There are 3 modules to handle trajectories: spin_reset to set spin and 'color', of the trajectories, read_in to read the trajectories from a file and writeout to write the trajectories. The latter one is an alternative to creating the neutron trajectories by the module 'source'.
The module spin_reset (folder 'trajectories') is meant to reset the quantization direction of the spin at any point of the instrument. The quantization direction is set in the source module. If the beamline is bent, this direction is not the same any more relative to the beamline. Example: If one sets the quantization direction to the x-direction (beam direction) in the source and has a curved guide of 5°, these directions will deviate by 5° after the curved guide. But some modules require certain quantization directions relative to the surface. If the module spin_reset is used after the curved guide, the quantization direction can now be set along the beamline again, i.e. into the new x-direction.

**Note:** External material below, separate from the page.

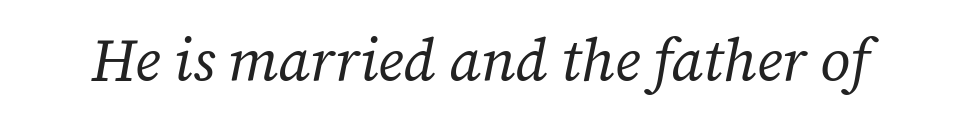
{"serif": "yes", "italic": "yes", "lean": "right", "slant_degrees": 12, "bold": "no", "weight": "regular", "width": "normal", "stroke_contrast": "low", "x_height": "medium", "monospaced": "no", "underline": "no", "letter_spacing": "normal", "letter_spacing_em": 0.0, "glyph_px": 59}
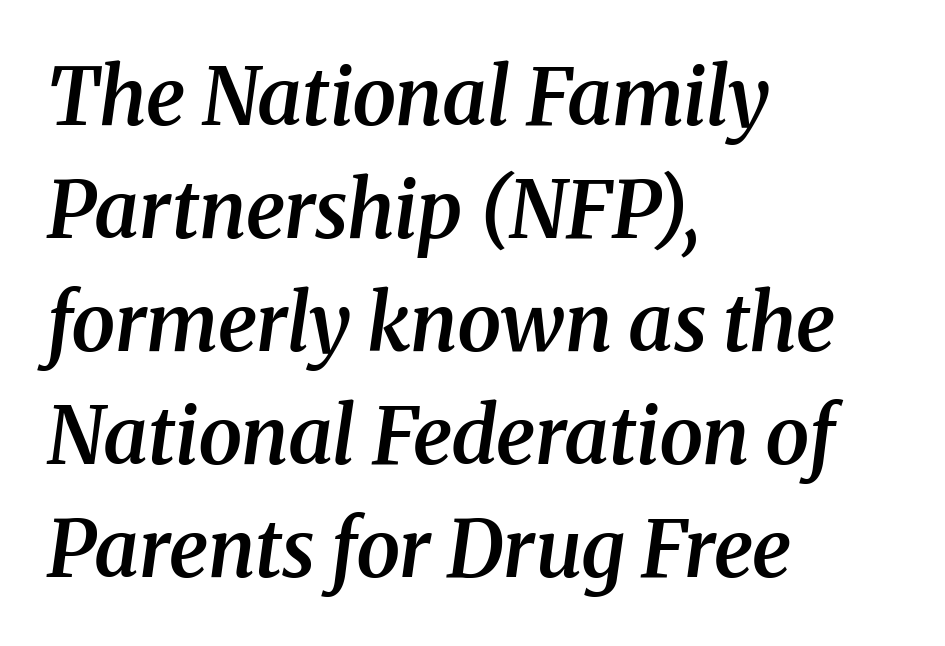
The image shows 79 px semibold serif type, italic (leaning right); set left-aligned, normal line spacing (1.43x), normal letter spacing, not underlined; medium stroke contrast and a medium x-height.

A second option has been added to the module spin_reset: the colour marking certain trajectories can be reset.
The property 'colour' of the neutron trajectories is used in many modules to mark trajectories in order to distinguish them later on,
e.g. by monitoring or evaluating only trajectories of a certain colour.
Examples are:
source : mark the moderator that the trajectory comes from
chopper: mark the window that the trajectory passes
guide : count the number of reflections
sample (environment): distinguish between different scattering events
As one might investigate more than one of these effects in an instrument, it is necessary to reset the colour.
If you give '1' as 'number of colours', all trajectories will set to colour 1.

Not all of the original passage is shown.